Per capire il funzionamento e l’utilità degli ETF obbligazionari, è necessario prima comprendere il meccanismo che sta alla base degli strumenti che li compongono: le obbligazioni.

Cos’è e come funziona un’obbligazione?

Le obbligazioni appartengono alla categoria dei titoli di debito. Sono prestiti effettuati da chi acquista le obbligazioni a chi le emette. Il soggetto emittente è dunque il debitore.

L’emittente può essere un’azienda o uno Stato. Da qui la distinzione tra obbligazioni corporate e obbligazioni governative (queste ultime dette anche titoli di stato o bond).

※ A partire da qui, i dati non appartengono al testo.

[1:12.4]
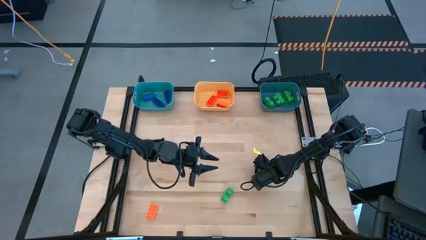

Chi acquista obbligazioni può essere remunerato in due modi: 

  • con gli interessi cedolari 
  • oppure con un maggior valore di rimborso, ottenuto alla scadenza del titolo.

Nel primo caso, durante la vita dell’obbligazione, l’investitore riceve periodicamente delle cedole. Si tratta di interessi che vengono corrisposti regolarmente al titolare dell’obbligazione. L’ammontare delle cedole può essere calcolato su un tasso fisso oppure variabile.

Nel caso in cui, invece, l’investitore ottenga un maggior valore di rimborso, il rendimento è dato dalla differenza tra quanto l’obbligazionista ottiene alla scadenza dell’obbligazione ed il valore di emissione della stessa. In questi casi si dice che un’obbligazione è emessa “sotto la pari”. Ad esempio, è detta “sotto la pari” un’obbligazione che viene rimborsata a 100 e che inizialmente è stata emessa a 95.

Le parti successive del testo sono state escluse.